Your objective:
All the entries need to be duplicated exactly, with the pictures omitted.

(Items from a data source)
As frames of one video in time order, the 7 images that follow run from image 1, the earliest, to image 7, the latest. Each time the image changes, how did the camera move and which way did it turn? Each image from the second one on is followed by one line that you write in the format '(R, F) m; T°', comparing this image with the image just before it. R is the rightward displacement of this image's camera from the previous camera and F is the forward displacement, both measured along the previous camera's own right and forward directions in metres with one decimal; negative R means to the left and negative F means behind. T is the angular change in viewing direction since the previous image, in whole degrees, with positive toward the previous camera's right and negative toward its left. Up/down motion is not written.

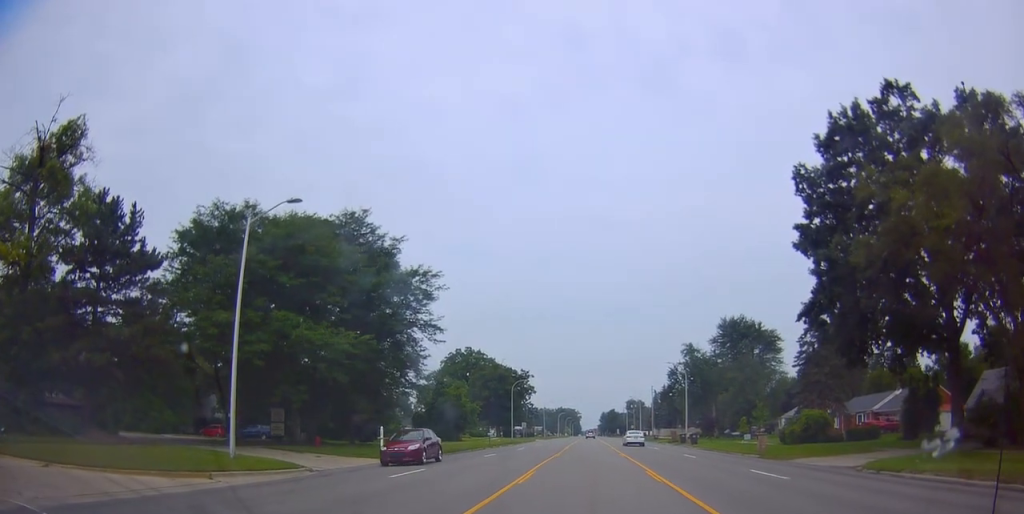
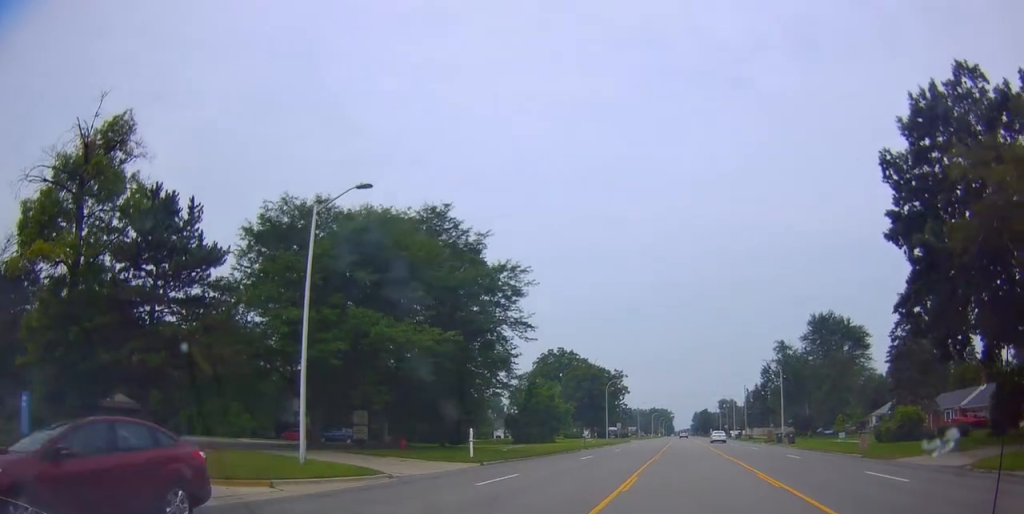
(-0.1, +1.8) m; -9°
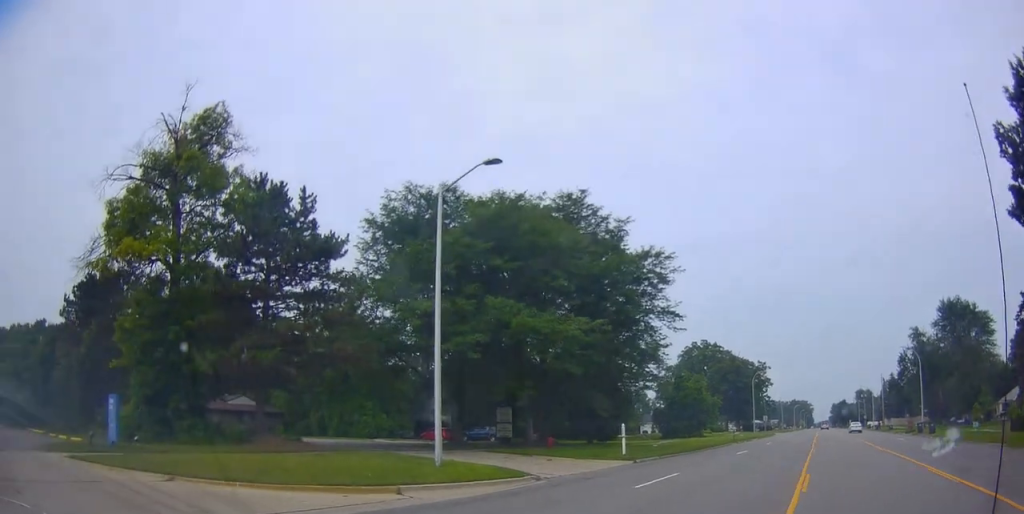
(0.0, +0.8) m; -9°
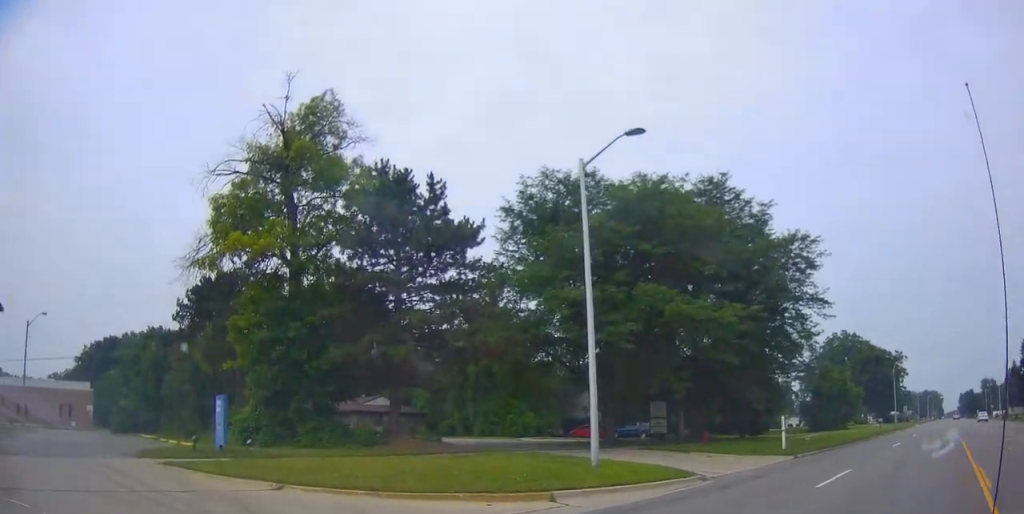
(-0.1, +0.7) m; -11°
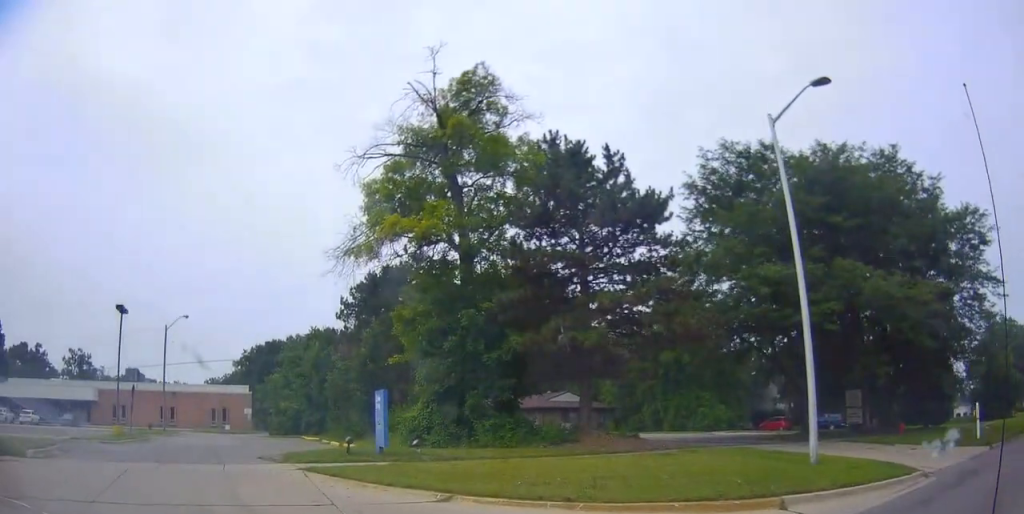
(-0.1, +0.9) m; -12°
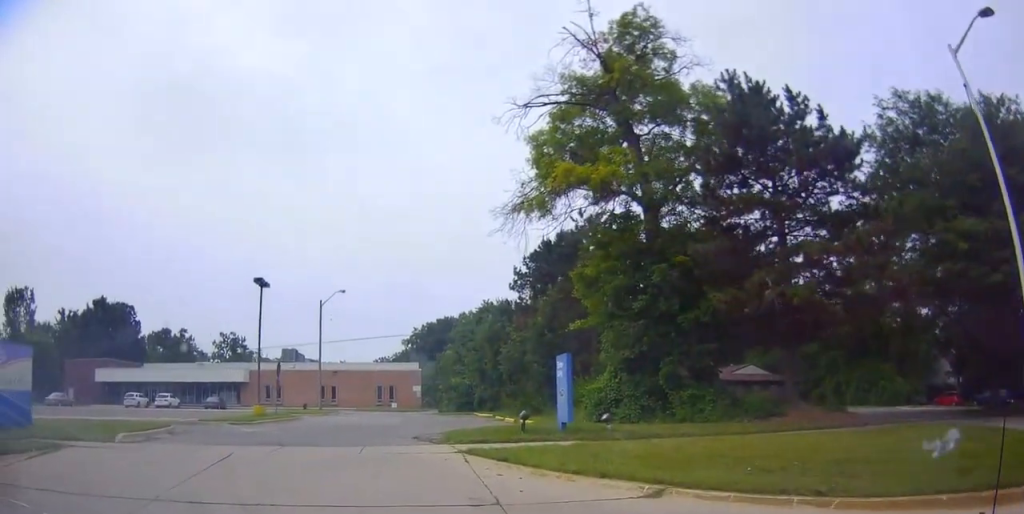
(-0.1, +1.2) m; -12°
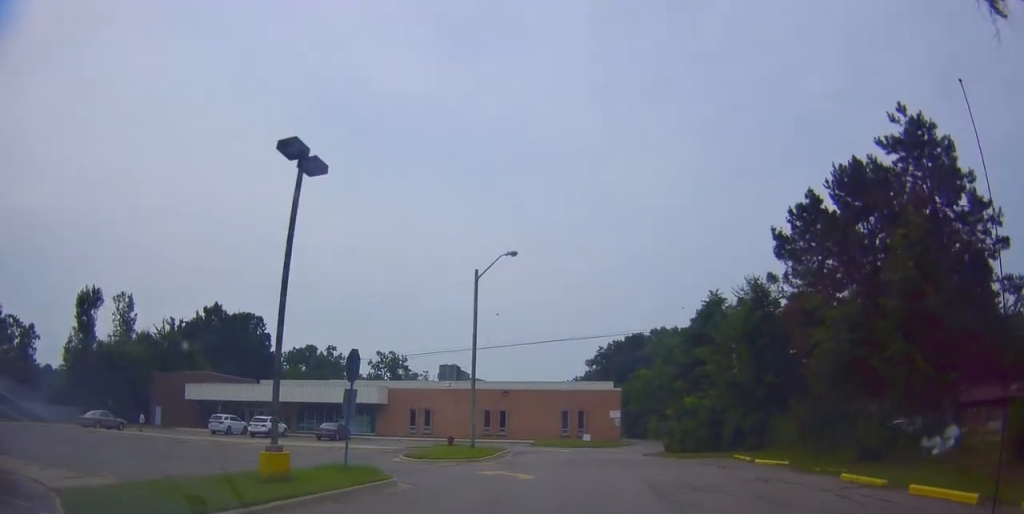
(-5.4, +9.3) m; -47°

Finished task:
As frames of one video in time order, the 7 images that follow run from image 1, the earliest, to image 7, the latest. Each time the image changes, how did the camera move and which way did it turn? Each image from the second one on is followed by one line that you write in the format '(R, F) m; T°', comparing this image with the image just before it. R is the rightward displacement of this image's camera from the previous camera and F is the forward displacement, both measured along the previous camera's own right and forward directions in metres with one decimal; negative R means to the left and negative F means behind. T is the angular change in viewing direction since the previous image, in whole degrees, with positive toward the previous camera's right and negative toward its left. Up/down motion is not written.

(-0.1, +1.8) m; -9°
(0.0, +0.8) m; -9°
(-0.1, +0.7) m; -11°
(-0.1, +0.9) m; -12°
(-0.1, +1.2) m; -12°
(-5.4, +9.3) m; -47°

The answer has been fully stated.